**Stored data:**
'''

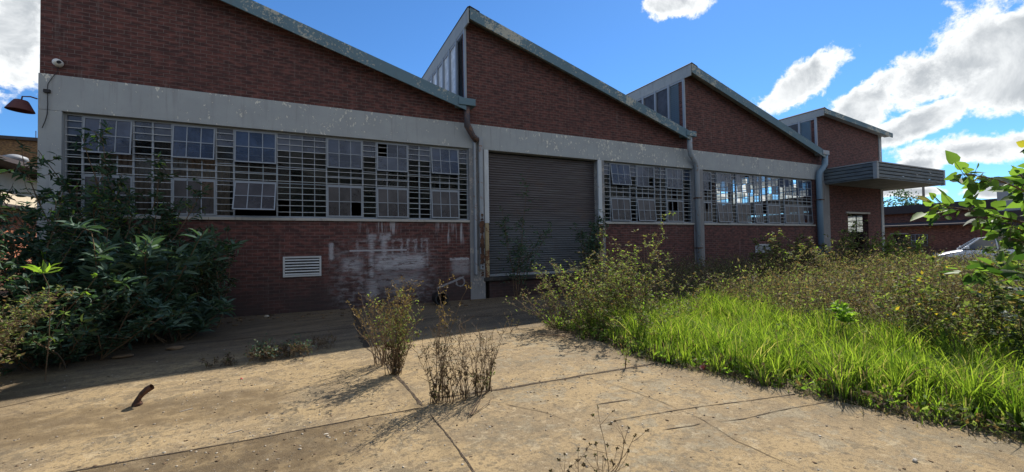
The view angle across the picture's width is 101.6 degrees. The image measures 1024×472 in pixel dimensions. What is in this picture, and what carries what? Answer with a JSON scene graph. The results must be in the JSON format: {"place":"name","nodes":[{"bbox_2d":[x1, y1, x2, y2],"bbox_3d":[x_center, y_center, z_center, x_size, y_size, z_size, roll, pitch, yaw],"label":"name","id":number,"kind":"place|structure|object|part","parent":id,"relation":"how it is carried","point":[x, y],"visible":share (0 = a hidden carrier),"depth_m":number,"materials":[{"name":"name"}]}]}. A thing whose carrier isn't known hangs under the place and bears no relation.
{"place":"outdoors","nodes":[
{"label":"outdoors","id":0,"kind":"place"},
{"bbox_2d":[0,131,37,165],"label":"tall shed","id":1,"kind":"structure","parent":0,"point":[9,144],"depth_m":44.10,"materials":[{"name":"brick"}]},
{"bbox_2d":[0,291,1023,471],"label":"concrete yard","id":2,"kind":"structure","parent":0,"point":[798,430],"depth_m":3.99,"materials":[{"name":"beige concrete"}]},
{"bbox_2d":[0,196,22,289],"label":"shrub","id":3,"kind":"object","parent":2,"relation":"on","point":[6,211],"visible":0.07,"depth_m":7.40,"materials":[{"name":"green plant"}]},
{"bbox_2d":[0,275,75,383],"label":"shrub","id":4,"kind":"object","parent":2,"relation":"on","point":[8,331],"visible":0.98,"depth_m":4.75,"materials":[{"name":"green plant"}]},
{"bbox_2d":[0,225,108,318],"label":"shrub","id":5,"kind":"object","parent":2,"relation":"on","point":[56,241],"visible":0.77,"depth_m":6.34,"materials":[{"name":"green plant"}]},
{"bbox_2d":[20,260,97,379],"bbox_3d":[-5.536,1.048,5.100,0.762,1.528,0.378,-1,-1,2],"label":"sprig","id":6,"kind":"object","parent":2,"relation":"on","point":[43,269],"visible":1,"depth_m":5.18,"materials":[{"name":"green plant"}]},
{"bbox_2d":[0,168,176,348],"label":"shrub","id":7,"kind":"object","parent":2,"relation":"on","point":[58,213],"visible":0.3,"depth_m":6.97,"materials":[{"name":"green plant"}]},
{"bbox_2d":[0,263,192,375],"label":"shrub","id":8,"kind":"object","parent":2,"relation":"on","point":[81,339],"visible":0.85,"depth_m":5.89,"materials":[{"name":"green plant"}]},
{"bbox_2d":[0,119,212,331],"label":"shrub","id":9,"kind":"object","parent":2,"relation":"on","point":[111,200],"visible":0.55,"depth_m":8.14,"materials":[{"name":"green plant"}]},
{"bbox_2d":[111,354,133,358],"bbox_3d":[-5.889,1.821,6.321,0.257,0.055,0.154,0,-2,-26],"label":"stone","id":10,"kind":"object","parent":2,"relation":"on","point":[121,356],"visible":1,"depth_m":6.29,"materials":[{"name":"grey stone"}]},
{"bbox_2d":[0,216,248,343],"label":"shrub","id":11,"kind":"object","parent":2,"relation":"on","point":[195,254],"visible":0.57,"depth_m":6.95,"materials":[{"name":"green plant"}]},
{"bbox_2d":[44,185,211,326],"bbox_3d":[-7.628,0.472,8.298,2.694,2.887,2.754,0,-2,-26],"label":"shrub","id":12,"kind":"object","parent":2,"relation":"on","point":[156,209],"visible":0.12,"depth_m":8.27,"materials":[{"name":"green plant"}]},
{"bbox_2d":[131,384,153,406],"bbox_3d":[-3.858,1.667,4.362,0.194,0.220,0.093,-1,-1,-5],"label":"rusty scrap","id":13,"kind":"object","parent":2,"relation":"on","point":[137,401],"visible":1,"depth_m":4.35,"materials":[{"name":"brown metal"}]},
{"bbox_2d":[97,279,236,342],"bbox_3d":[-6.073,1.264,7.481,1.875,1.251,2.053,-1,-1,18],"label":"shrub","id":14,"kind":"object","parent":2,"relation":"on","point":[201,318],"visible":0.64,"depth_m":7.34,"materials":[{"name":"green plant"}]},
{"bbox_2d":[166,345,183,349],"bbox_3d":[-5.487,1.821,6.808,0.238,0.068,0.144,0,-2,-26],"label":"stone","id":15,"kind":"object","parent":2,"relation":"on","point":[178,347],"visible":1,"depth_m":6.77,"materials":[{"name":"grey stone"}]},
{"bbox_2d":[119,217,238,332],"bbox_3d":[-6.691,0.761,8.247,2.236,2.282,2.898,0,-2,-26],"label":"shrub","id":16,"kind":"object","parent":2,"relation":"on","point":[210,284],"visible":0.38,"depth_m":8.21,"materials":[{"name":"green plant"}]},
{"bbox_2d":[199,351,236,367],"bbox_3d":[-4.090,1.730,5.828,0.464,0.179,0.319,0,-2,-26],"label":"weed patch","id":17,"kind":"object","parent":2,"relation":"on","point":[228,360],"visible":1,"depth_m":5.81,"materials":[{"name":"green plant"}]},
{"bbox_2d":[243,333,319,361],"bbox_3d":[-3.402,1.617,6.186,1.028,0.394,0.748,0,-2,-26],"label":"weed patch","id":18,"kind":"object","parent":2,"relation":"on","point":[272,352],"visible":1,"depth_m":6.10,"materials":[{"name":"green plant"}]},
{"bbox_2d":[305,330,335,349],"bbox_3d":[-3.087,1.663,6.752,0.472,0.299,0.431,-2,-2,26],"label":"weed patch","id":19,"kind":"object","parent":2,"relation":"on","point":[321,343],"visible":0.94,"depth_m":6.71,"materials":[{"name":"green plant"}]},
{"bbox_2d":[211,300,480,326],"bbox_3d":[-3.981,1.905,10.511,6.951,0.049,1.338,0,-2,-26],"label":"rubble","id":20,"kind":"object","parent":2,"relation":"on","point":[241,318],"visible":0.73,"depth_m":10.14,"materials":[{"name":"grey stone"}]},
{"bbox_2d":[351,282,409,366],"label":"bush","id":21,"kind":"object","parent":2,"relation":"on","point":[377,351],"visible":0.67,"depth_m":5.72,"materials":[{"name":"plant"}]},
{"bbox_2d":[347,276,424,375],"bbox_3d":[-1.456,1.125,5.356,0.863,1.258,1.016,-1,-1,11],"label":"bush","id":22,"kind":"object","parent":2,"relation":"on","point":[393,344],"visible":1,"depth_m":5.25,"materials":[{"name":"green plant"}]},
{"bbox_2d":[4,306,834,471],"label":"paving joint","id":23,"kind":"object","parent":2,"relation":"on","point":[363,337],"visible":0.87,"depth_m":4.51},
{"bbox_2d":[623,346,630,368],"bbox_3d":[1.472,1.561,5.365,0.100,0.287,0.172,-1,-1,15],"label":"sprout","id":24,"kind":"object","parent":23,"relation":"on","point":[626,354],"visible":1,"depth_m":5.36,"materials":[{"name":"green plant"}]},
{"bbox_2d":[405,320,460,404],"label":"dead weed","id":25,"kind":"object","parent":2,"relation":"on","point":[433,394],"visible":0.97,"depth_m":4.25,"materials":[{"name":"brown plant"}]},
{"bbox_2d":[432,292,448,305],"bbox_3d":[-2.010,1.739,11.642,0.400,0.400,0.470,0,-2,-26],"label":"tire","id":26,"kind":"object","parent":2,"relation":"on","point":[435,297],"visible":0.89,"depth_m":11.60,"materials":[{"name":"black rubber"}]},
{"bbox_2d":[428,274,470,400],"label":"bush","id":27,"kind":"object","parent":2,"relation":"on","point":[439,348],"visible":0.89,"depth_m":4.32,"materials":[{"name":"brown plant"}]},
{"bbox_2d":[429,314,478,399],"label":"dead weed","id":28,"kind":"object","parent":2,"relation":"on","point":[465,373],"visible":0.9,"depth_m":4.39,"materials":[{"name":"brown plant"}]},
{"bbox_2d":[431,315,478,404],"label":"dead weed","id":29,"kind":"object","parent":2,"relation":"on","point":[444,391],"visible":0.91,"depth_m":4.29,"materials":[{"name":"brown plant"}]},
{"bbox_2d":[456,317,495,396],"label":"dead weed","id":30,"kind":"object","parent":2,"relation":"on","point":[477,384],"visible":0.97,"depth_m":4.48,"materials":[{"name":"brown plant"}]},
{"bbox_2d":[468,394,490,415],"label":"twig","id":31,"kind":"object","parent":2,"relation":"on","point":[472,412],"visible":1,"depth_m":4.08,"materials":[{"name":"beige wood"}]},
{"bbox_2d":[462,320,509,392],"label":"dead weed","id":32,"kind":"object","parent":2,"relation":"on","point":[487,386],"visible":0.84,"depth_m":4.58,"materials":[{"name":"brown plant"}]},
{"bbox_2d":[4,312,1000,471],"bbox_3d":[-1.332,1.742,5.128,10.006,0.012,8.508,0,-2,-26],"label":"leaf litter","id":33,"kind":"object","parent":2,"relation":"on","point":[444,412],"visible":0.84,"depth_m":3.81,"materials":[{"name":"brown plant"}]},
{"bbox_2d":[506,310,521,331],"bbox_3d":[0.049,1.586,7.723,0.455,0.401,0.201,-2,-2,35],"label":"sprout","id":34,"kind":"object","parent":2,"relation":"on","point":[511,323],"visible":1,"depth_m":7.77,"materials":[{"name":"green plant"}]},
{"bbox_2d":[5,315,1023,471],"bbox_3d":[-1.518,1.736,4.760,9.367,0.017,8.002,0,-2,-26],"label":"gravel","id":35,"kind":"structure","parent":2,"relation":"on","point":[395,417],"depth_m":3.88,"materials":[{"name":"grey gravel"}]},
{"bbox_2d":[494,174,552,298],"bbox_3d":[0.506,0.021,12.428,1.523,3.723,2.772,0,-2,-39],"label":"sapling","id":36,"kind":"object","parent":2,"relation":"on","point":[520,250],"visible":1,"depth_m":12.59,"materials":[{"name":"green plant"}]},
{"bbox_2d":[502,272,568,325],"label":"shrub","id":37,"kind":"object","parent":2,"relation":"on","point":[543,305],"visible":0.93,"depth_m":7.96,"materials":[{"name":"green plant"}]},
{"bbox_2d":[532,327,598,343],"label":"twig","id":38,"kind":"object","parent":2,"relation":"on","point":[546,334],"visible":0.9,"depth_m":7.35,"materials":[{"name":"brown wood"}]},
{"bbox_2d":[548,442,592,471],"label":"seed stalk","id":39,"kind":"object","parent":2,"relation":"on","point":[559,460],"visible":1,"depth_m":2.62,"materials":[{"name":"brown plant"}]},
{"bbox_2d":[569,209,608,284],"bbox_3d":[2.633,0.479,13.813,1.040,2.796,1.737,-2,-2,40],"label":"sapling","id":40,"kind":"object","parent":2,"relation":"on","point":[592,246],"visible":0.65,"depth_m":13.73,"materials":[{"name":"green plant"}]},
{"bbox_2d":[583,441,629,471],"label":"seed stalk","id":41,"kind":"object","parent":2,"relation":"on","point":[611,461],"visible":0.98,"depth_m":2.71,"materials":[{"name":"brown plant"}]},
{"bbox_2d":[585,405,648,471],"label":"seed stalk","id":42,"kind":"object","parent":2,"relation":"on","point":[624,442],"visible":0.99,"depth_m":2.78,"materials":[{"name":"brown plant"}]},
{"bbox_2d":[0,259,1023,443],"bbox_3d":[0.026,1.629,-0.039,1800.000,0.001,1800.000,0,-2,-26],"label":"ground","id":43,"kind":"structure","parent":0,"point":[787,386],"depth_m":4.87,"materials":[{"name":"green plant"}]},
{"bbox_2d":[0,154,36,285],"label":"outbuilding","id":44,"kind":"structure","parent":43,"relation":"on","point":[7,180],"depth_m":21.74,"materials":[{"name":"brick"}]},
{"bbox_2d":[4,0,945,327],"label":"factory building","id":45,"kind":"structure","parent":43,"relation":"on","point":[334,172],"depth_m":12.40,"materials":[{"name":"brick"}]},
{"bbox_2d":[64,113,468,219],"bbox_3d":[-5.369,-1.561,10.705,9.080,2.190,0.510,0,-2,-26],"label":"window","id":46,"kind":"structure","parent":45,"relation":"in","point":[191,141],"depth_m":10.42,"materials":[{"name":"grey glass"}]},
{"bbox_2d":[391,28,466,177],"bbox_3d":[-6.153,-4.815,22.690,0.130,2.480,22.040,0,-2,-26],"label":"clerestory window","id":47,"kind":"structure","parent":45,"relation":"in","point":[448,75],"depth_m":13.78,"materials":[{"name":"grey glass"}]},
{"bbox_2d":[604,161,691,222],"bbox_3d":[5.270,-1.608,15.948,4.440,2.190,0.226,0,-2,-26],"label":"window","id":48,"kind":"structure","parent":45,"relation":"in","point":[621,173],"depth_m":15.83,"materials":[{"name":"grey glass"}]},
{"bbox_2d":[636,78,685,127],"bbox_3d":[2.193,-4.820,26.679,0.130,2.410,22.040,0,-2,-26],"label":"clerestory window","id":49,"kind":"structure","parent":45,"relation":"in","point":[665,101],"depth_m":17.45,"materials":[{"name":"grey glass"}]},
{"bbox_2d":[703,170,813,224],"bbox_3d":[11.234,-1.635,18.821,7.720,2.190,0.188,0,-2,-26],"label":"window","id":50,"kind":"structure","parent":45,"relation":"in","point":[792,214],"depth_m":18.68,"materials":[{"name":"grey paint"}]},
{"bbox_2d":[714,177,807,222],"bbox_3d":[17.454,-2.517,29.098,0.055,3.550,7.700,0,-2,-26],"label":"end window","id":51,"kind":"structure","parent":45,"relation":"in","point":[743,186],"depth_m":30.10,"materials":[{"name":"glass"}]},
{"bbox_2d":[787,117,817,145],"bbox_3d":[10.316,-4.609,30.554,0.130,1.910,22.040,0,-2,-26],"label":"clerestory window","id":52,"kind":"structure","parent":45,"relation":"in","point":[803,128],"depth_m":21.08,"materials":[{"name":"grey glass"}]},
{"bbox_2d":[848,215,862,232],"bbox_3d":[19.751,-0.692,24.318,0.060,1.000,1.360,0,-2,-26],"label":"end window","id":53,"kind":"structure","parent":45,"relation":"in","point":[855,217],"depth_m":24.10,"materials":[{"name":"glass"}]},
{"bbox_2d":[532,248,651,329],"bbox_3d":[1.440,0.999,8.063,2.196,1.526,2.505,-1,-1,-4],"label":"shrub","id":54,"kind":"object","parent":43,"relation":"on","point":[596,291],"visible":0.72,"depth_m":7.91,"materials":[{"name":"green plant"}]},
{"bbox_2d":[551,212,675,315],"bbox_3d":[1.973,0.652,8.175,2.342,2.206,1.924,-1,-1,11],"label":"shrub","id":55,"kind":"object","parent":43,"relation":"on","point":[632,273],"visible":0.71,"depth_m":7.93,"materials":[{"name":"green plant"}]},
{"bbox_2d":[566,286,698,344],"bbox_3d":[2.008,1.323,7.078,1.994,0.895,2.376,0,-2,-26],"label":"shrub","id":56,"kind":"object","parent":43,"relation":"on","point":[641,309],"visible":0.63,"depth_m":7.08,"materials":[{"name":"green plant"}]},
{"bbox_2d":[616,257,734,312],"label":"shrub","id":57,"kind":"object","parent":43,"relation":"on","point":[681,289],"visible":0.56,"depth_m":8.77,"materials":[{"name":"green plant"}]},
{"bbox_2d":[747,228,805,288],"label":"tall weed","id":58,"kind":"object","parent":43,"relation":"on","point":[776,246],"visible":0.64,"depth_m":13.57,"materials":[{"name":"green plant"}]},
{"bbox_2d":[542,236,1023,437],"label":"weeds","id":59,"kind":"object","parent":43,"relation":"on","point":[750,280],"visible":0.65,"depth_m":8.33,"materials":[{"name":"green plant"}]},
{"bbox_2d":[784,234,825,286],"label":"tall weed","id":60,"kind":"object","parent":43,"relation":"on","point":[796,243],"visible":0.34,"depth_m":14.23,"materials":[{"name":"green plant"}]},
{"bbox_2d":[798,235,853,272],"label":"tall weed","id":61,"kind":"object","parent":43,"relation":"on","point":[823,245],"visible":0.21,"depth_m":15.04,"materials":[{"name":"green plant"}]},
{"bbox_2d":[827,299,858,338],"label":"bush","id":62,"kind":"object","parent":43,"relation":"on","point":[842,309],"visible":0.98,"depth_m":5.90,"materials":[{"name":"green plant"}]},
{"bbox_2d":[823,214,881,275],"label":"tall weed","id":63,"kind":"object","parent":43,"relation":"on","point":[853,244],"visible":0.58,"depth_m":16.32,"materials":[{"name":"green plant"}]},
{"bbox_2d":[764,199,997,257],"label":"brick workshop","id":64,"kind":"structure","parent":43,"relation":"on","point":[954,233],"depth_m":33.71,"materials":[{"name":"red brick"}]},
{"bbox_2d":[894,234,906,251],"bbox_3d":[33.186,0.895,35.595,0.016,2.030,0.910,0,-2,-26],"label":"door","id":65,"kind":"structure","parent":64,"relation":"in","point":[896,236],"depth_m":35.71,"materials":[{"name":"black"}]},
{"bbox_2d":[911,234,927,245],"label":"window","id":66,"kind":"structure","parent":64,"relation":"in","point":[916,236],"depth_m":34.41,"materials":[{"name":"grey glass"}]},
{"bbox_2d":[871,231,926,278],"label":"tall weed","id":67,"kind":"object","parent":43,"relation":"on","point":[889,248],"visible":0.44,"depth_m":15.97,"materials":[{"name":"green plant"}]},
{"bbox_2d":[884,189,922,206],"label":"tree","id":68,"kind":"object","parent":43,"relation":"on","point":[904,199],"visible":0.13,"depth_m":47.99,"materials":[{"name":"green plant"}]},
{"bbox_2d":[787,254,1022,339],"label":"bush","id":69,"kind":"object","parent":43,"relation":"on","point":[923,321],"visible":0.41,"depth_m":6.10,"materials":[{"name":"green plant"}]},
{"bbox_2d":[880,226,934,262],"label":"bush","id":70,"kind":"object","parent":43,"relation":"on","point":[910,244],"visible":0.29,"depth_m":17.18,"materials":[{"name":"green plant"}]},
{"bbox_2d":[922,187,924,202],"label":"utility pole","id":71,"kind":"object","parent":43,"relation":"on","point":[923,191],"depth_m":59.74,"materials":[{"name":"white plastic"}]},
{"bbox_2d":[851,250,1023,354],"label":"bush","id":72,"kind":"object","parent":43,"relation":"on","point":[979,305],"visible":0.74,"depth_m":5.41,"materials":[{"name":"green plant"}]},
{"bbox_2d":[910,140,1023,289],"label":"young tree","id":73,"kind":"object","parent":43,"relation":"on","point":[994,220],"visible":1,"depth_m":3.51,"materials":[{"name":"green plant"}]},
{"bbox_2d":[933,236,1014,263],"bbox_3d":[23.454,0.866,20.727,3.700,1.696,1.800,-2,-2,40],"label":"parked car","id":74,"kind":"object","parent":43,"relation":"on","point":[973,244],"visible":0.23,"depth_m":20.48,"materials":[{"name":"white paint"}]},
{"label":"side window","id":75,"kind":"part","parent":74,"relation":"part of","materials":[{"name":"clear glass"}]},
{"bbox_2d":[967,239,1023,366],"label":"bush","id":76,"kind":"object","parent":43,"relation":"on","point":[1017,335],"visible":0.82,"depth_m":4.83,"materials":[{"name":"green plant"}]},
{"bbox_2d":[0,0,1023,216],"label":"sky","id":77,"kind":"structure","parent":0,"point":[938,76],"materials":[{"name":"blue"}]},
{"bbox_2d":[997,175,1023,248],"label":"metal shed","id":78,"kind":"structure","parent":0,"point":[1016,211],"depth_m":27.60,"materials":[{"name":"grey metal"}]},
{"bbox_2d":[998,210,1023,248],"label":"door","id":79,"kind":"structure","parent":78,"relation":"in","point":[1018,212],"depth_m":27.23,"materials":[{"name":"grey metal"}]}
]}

'''

**Task objective:** Please copy each line of the records above that holds the word "place".

**Response:**
The view angle across the picture's width is 101.6 degrees. The image measures 1024×472 in pixel dimensions. What is in this picture, and what carries what? Answer with a JSON scene graph. The results must be in the JSON format: {"place":"name","nodes":[{"bbox_2d":[x1, y1, x2, y2],"bbox_3d":[x_center, y_center, z_center, x_size, y_size, z_size, roll, pitch, yaw],"label":"name","id":number,"kind":"place|structure|object|part","parent":id,"relation":"how it is carried","point":[x, y],"visible":share (0 = a hidden carrier),"depth_m":number,"materials":[{"name":"name"}]}]}. A thing whose carrier isn't known hangs under the place and bears no relation.
{"place":"outdoors","nodes":[
{"label":"outdoors","id":0,"kind":"place"},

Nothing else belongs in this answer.